Presence should use a separate path. Cursor location, active selection, and “user is viewing this document” signals are useful, but they do not need the same durability as saved content. If a cursor event is dropped, the product is still correct. If a node move is dropped forever, the product is wrong.
That distinction is the kind of decision that keeps real-time systems maintainable.
Deployment Strategy
Real-time deployments need more care than normal API deployments because users can be actively connected during releases.
Recommended deployment behavior:
- Stop accepting new connections on an instance being replaced.
- Give existing sockets a short drain period.
- Tell clients to reconnect when a server is shutting down.
- Keep event payloads backward compatible during rolling deploys.
- Avoid changing event names without supporting the old name temporarily.
If the frontend and backend deploy separately, event contracts become public interfaces. A new backend may talk to an old frontend for several minutes or hours. Version fields and additive payload changes help avoid breaking active sessions.
How This Solves The Chaos Problem
The architecture prevents backend chaos by separating responsibilities.
The API owns validation and mutations. The database owns durable state. The queue/event bus owns asynchronous delivery. The WebSocket gateway owns live fanout. The client owns presentation and recovery behavior. Observability ties the path together.
When those responsibilities blur, real-time systems become fragile. When they stay separate, teams can reason about bugs: was the mutation saved, was the event published, was it delivered, did the client reconcile it?

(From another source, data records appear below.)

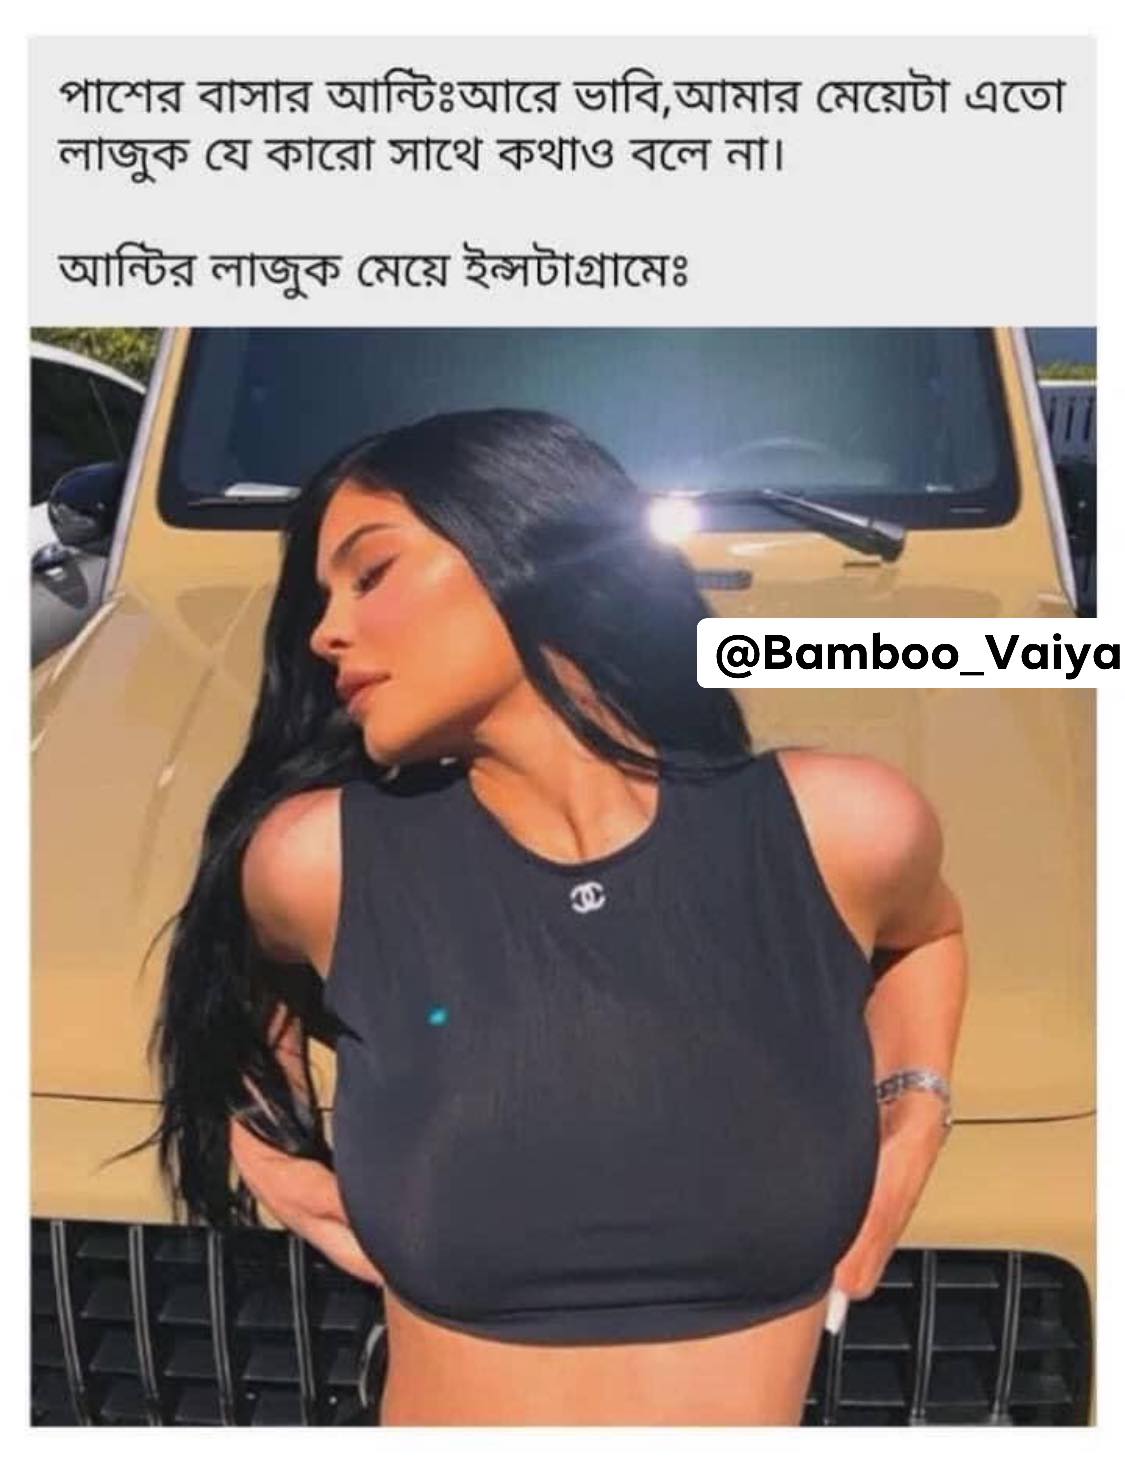
Text:  পাশের বাসার আন্টিঃ  আরে ভাবি, আমার মেয়েটা এতো লাজুক যে কারো সাথে কথাও বলে না ।     আন্টির লাজুক মেয়ে ইন্সটাগ্রামেঃ
Label: Hate
Hate category: Personal Offence
Targeted group: Individual
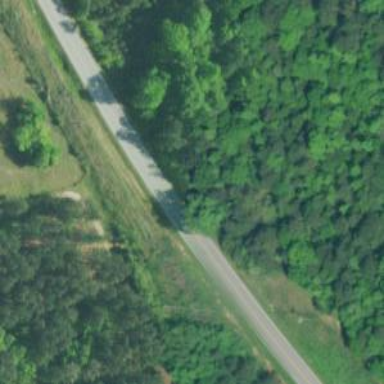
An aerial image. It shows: Trunk highway.
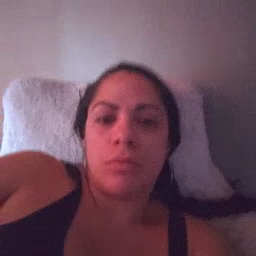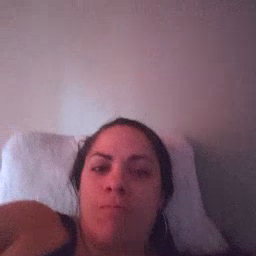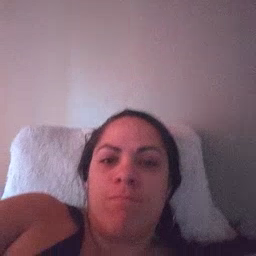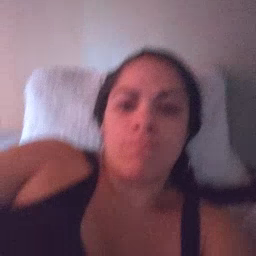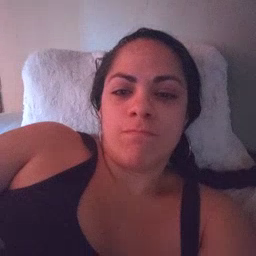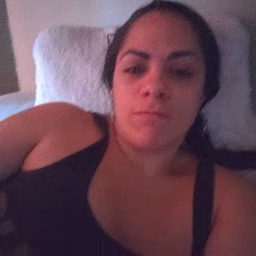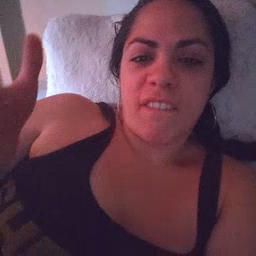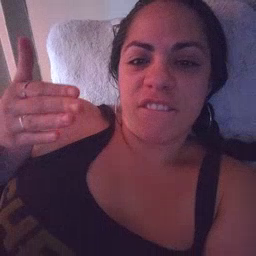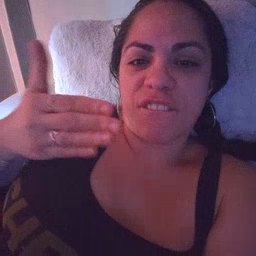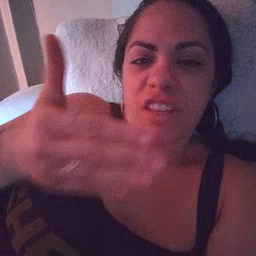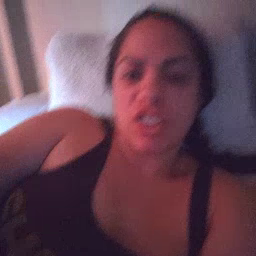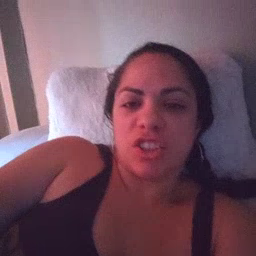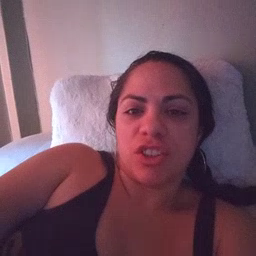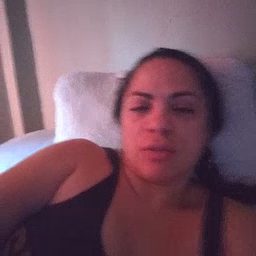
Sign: fish
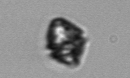
Label: Kryptoperidinium_triquetrum
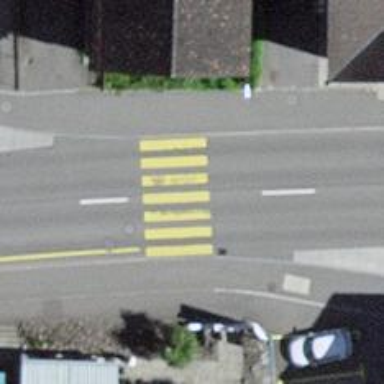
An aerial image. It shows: Marked crossing with zebra markings.
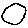
Label: circle
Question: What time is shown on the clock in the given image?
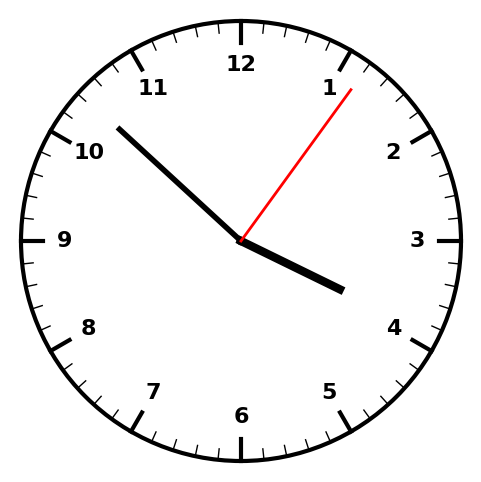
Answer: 03:52:06
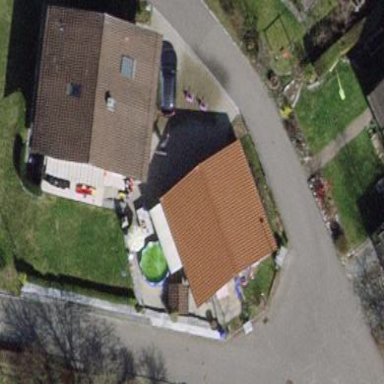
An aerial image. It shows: Garage.
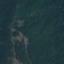
Land use / land cover class: Forest
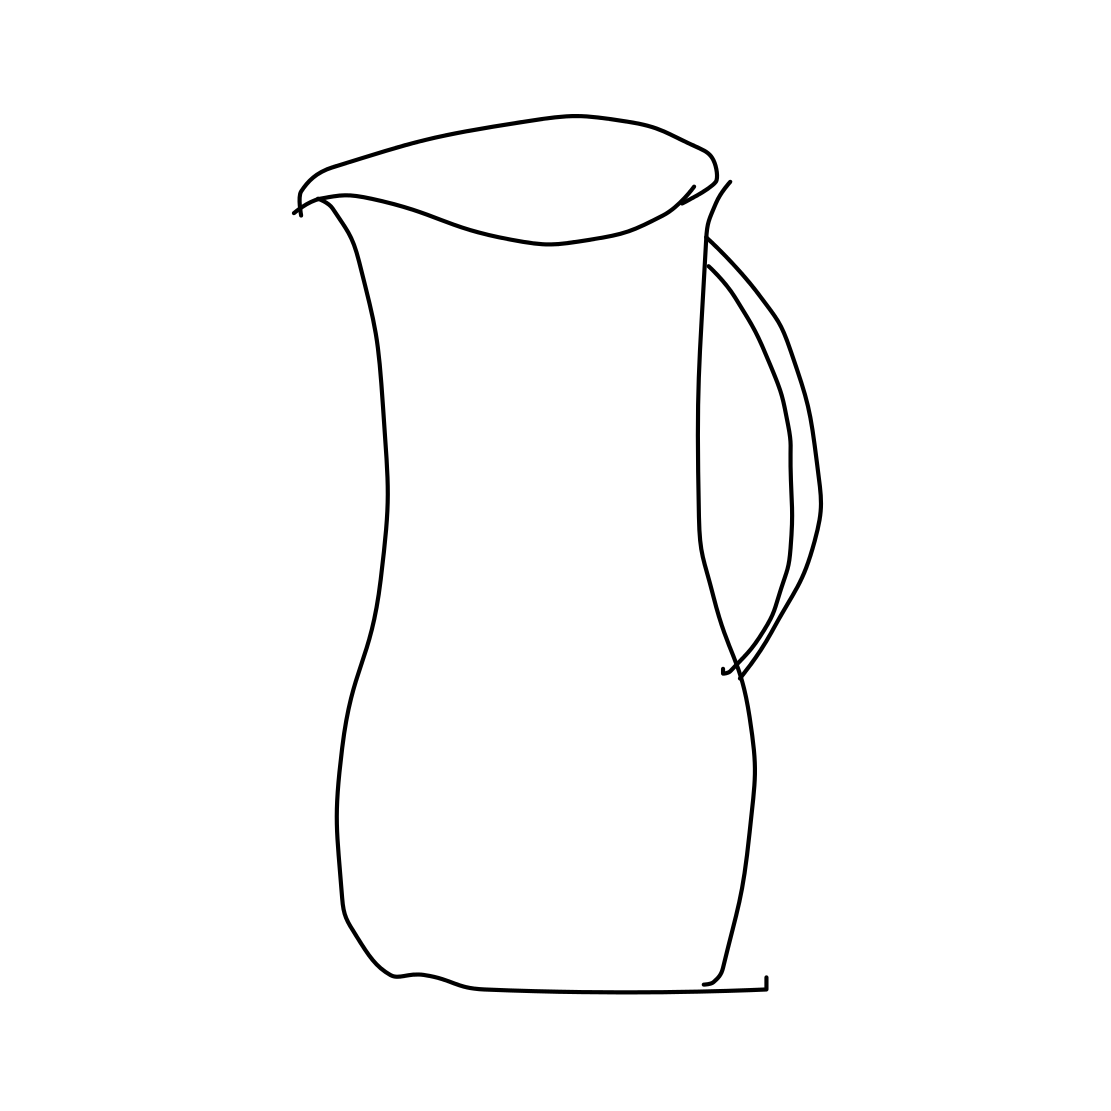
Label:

That clarity is the difference between a feature that demos well and a system that survives production.
Production Checklist
- Use WebSockets only where product latency matters.
- Keep domain state outside the socket gateway.
- Define stable event names and payload versions.
- Verify permissions before joining rooms.
- Use Redis/pub-sub for multi-instance delivery.
- Implement reconnect recovery through HTTP sync.
- Make events idempotent where possible.
- Track connection count, queue lag, and delivery latency.
- Keep payloads small and resource-specific.
- Test deployments while clients are connected.
Closing Thought
Real-time systems should feel instant to users and boring to operate. That only happens when the architecture treats WebSockets as one delivery mechanism inside a larger state system.
The goal is not to send events quickly. The goal is to keep users correctly informed while the network, backend, and product state keep changing.